Okay, I'm going to ago into a little detail here, but I'll try to keep it simple.
First, we need to talk about light, electrons and color. The visible light we see around us is not the only light there is. Overall, any and all "light" is just a kind of electromagnetic radiation. Electromagnetic radiation is a very very weird and complicated thing. We can talk about it as if it is waves moving through empty space, which seems odd. Waves are usually thought of as moving matter, right? Like a wave in the ocean is made of moving water. A sound wave is made of vibrations moving through matter. It seems counter-intuitive to have a wave that isn't made of moving matter, but that is still what electromagnetic radiation is. Almost. Kinda. It is also made of single (mass-less) particles moving through space called photons.
What does this have to do with electrons? This part is actually pretty simple. Electromagnetic radiation/photons are the "force carrier" that transfers force to and from electrons. When an electron absorbs EM radiation/photons, it moves away from the nucleus of the atom it is "attached" to. (This means that it has gained potential energy, just as though moving an object up off the Earth's surface increases the potential energy. In either case, the forces of electromagnetism or gravity will "want" to pull the object back. The larger the distance for it to move back through, the more potential there is for energy.) When an electron moves back towards a nucleus, it loses energy and gives off a photon.
As for color...well, the particular wavelength of the EM radiation (or energy of the photon) affects the color we see. When we look at the sun, we see a white color. (Please do not go check this by staring at the sun. Yes, the sun will look yellowish around the edges in particular kinds of weather, and kids tend to draw the sun as yellow, but the sun is actually radiating what we think of as white light.) That "white" light is actually the entire visible electromagnetic spectrum: red, orange, yellow, blue, green, indigo, and violet. To see that this is true, all you need is a glass prism that can split the light up into individual colors...or water droplets to do the same thing in the sky, making a rainbow. In any case, the color we see depends on the wavelength or energy of the EM radiation/photons.

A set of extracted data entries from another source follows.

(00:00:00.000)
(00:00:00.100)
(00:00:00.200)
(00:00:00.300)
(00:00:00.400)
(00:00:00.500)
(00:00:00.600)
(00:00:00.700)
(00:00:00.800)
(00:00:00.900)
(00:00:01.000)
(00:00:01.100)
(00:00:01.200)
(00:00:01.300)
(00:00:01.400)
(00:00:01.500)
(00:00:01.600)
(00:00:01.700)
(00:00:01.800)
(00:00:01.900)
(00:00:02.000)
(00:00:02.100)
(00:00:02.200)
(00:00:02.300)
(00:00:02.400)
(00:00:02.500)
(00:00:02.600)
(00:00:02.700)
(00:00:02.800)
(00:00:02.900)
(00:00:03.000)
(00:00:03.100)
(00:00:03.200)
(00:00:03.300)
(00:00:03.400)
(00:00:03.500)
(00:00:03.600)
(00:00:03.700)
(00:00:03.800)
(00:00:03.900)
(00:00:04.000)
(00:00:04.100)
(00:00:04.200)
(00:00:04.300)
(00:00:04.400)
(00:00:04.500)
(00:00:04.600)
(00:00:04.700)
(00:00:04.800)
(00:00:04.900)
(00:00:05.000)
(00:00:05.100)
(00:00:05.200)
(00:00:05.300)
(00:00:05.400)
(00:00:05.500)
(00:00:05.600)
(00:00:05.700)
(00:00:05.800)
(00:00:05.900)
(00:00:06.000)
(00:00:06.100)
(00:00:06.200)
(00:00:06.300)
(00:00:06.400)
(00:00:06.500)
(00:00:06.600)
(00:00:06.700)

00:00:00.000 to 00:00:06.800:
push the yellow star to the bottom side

So, now we need to bring all this together to explore what happens when light hits normal everyday objects. When "white" EM radiation (we'll avoid talking about the effects of colored light) hits an object, what happens depends on the structure of the molecules that the substance is made of. You see, the electrons in an atom or molecule can only "live" in certain places, at very specific distances from the various nuclei of the atoms that make up that molecule. When EM radiation/photons "hit" those electrons in the molecule, there are really two options. The first one is that there are electrons in the molecule that could jump to a new position if they absorb the exact amount of energy needed. In that case, parts of the EM radiation wave/some of the photons will get absorbed and disappear. In this case, as the electrons move away from the nuclei in the molecules, the molecules literally expand kinda like a balloon. As they press into the molecules around them as they expand, they start vibrating and jiggling faster, increasing the temperature and heat energy of the substance. The second one is that there aren't electrons that have a place to move to that will allow them to absorb the EM radiation/photons. In the second case, the EM radiation can either get reflected back or pass on through.

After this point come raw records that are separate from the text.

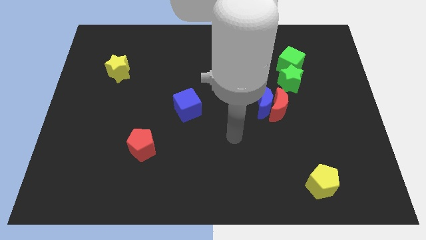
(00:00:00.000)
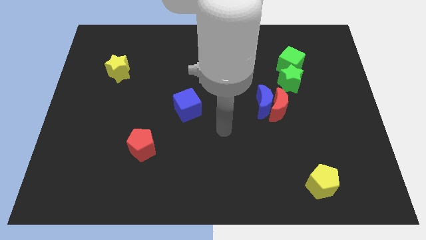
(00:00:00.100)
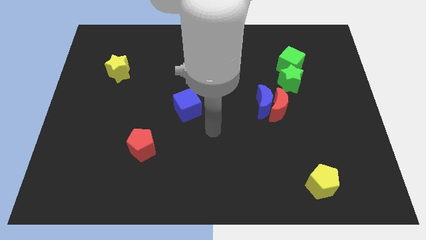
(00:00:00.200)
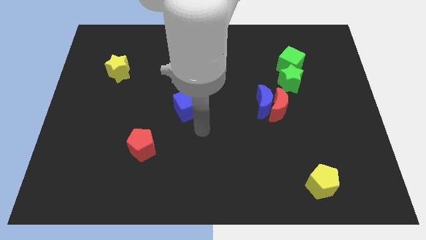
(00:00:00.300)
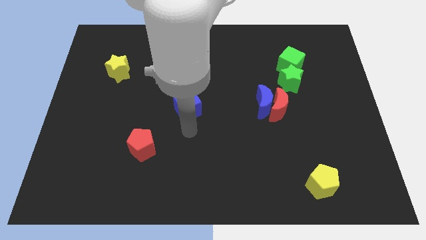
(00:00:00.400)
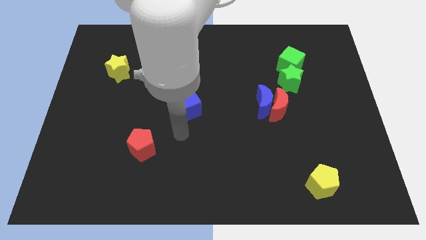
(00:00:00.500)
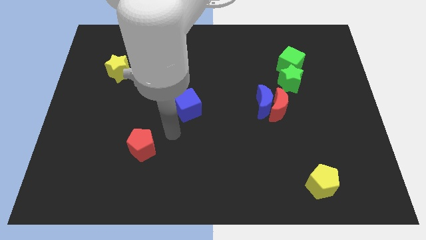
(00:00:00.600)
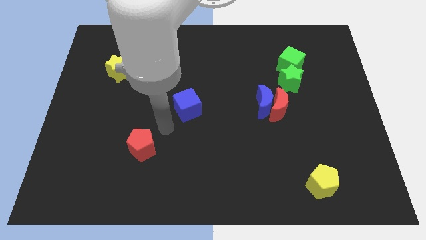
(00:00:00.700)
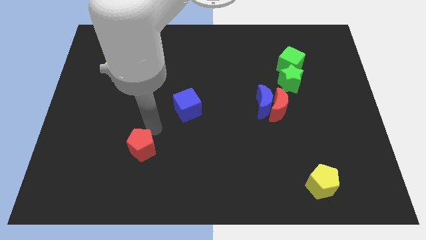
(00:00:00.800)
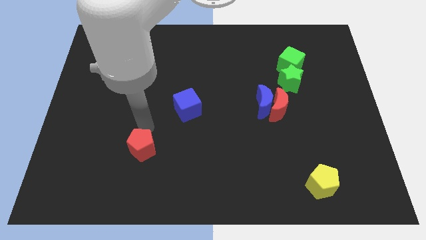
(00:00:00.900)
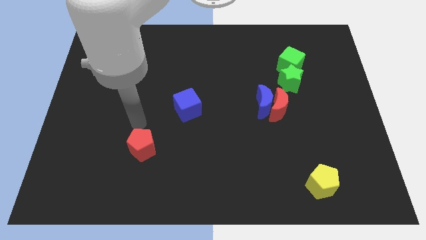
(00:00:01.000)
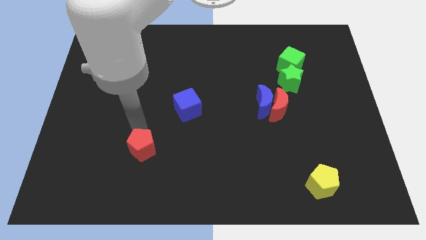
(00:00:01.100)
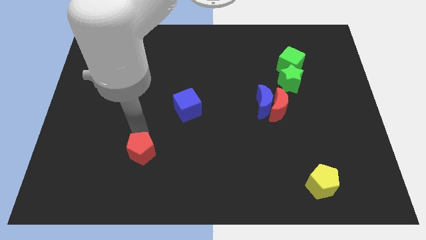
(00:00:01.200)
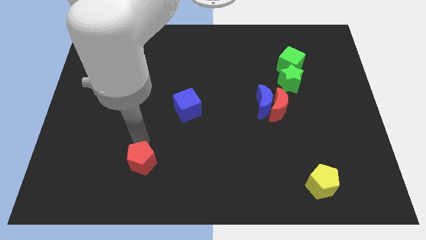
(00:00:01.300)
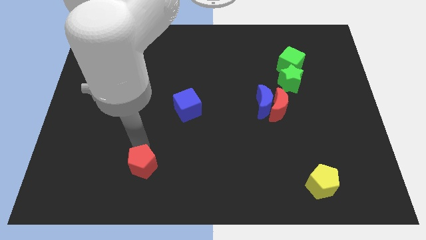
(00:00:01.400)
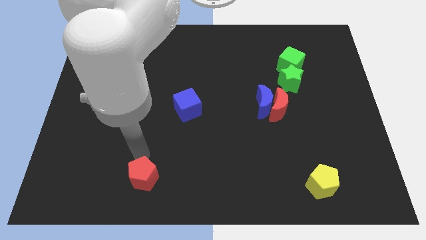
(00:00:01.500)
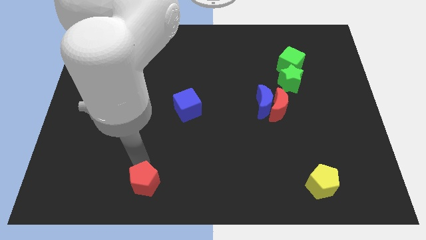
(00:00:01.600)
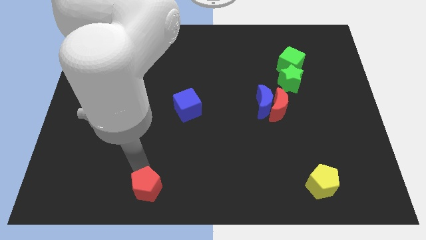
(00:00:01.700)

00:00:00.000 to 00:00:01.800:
slide the red pentagon to the bottom side

So, what does this really look like? Well, white light hits an object. Some of the waves/photons in that light get absorbed and turned into heat energy as electrons move and bounce around. The colors associated with those waves/photons are absorbed. They are gone. The remaining waves/photons are reflected back. THOSE remaining waves/photons are the colors we see when we look at the object. For example:
White light hits an object. That object has electrons that can absorb the wavelengths/photon energies associated with red, orange, yellow, indigo, and violet. The energy of those colors has gone into heating up the object or substance. The remaining colors of blue and green get reflected back, so when we look at it, we see a bluish-green color.
Now we can see what is happening with something black. When white light hits a black object, there are electrons in the molecules that make up that object that can absorb all the waves/photons/colors contained in the white light. All the colors/waves/photons of red, orange, yellow, blue, green, indigo, and violet get absorbed by electrons, which then change positions and cause the temperature to rise. No visible light gets reflected back, so we see the absence of visible light: blackness.
To sum up, black substances have the electrons in the right places to absorb all EM radiation. Everything absorbed gets converted into heat energy. And that is why black objects "absorb" more sunlight and get hotter. The moral of the story? If you want to stay cool on a sunny day, where white colors that will reflect most of the light back without converting it into heat energy.